• EXERCISE DETAILS
Although the data holds pictures, return only the lines from the one containing "Following image 1, 3.3 seconds have passed." to the end, exactly, and without them.

[Entries taken from a collection]

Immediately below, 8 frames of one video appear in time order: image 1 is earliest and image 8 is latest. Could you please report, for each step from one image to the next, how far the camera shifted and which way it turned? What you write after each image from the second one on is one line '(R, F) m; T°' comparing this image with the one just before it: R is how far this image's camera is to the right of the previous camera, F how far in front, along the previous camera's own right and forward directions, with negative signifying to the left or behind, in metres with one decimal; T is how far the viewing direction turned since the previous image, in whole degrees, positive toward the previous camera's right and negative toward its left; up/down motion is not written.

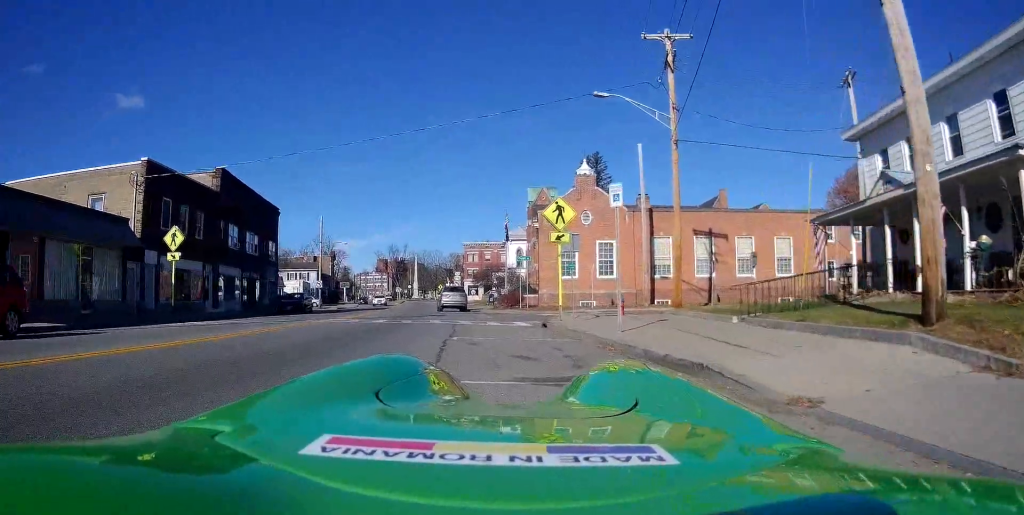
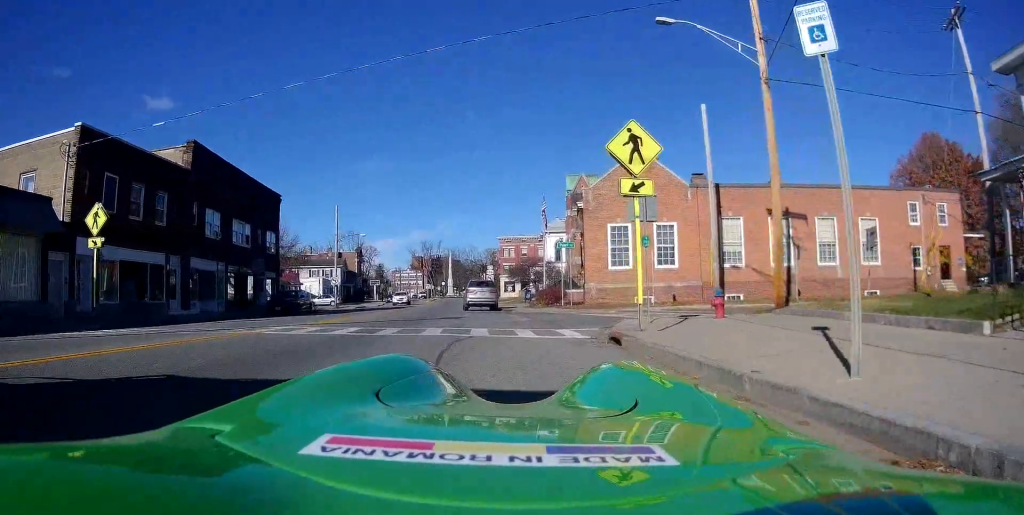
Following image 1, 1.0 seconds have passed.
(-0.8, +7.2) m; -6°
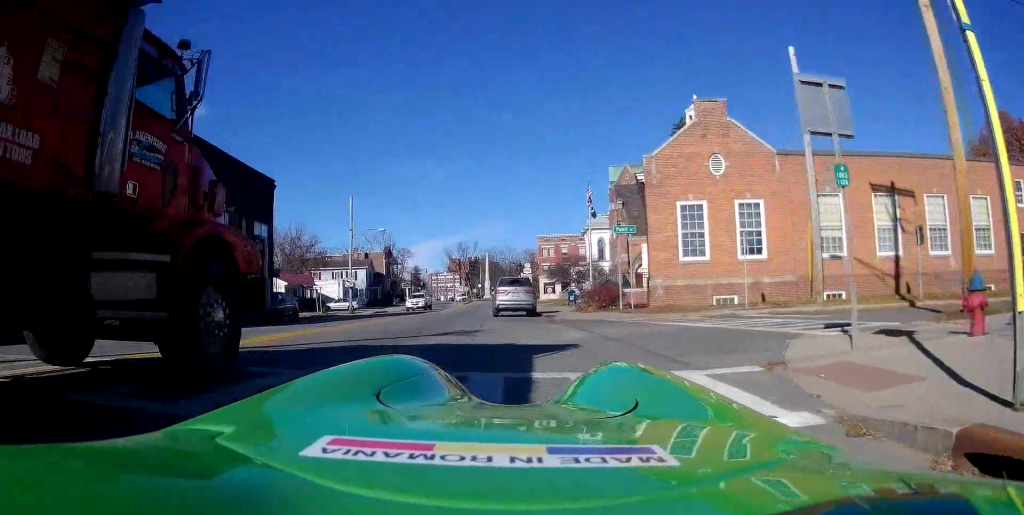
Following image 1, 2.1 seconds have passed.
(+0.1, +7.5) m; 0°
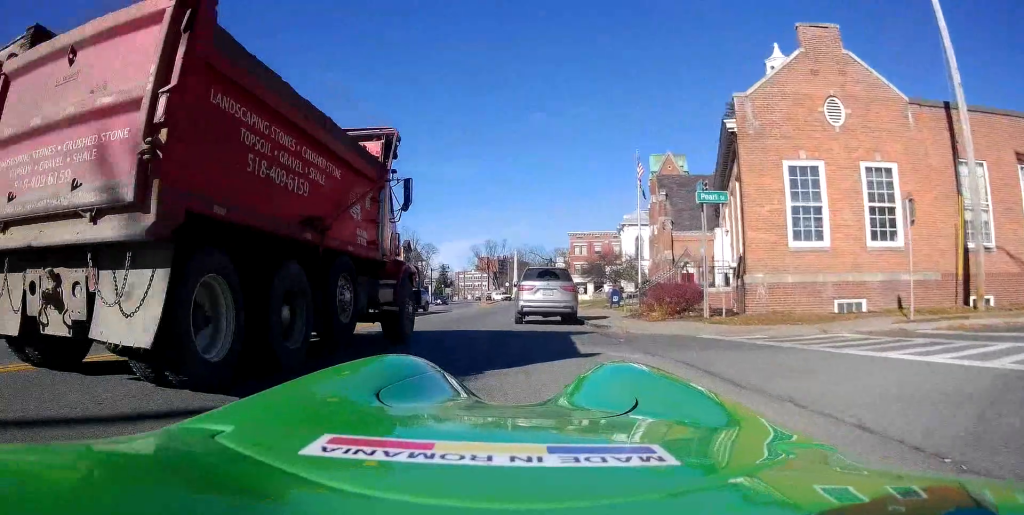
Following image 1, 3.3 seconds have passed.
(-0.2, +8.3) m; -3°
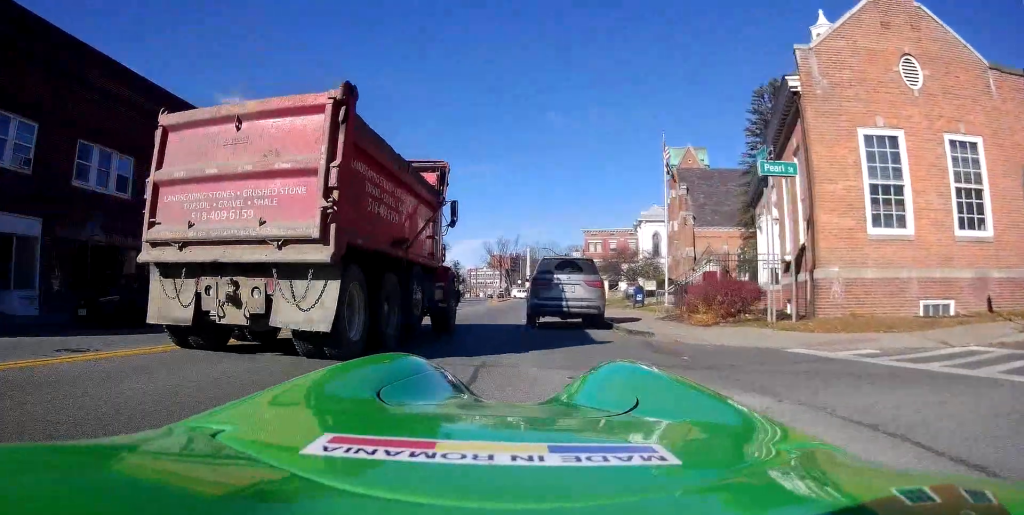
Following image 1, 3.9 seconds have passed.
(0.0, +3.9) m; -2°
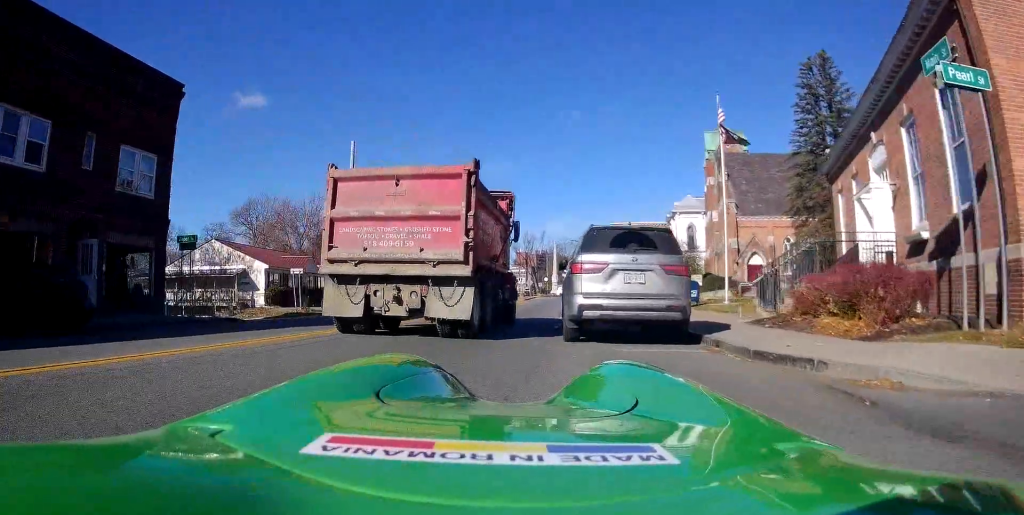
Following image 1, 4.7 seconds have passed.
(-0.2, +6.0) m; -2°
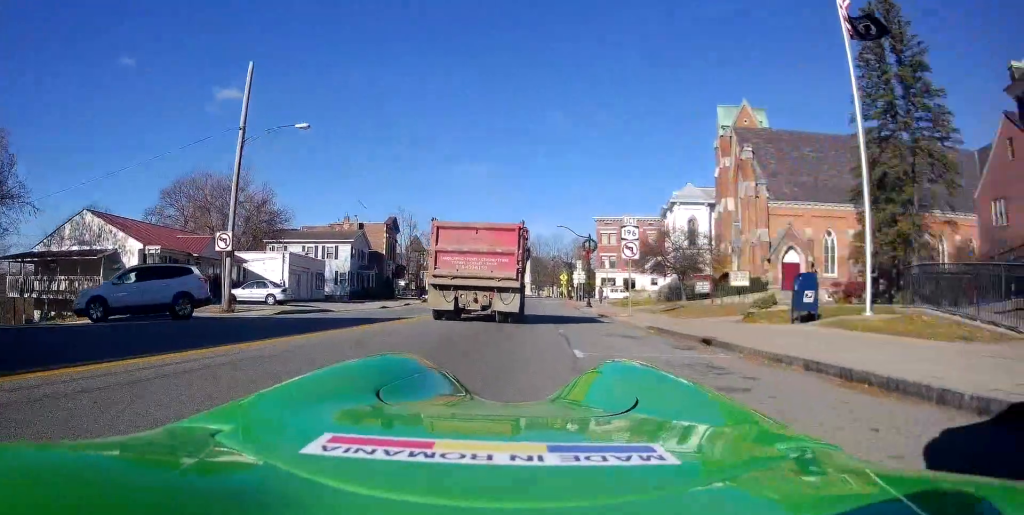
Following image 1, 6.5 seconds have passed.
(+0.1, +13.1) m; +5°
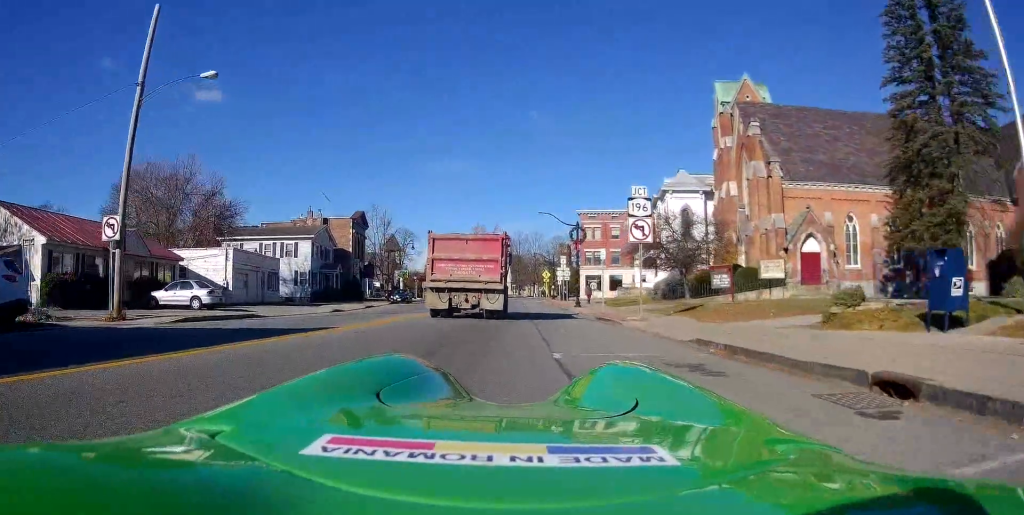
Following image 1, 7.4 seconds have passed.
(+0.3, +6.5) m; +3°

• RESPONSE TO THIS EXERCISE
Following image 1, 3.3 seconds have passed.
(-0.2, +8.3) m; -3°
Following image 1, 3.9 seconds have passed.
(0.0, +3.9) m; -2°
Following image 1, 4.7 seconds have passed.
(-0.2, +6.0) m; -2°
Following image 1, 6.5 seconds have passed.
(+0.1, +13.1) m; +5°
Following image 1, 7.4 seconds have passed.
(+0.3, +6.5) m; +3°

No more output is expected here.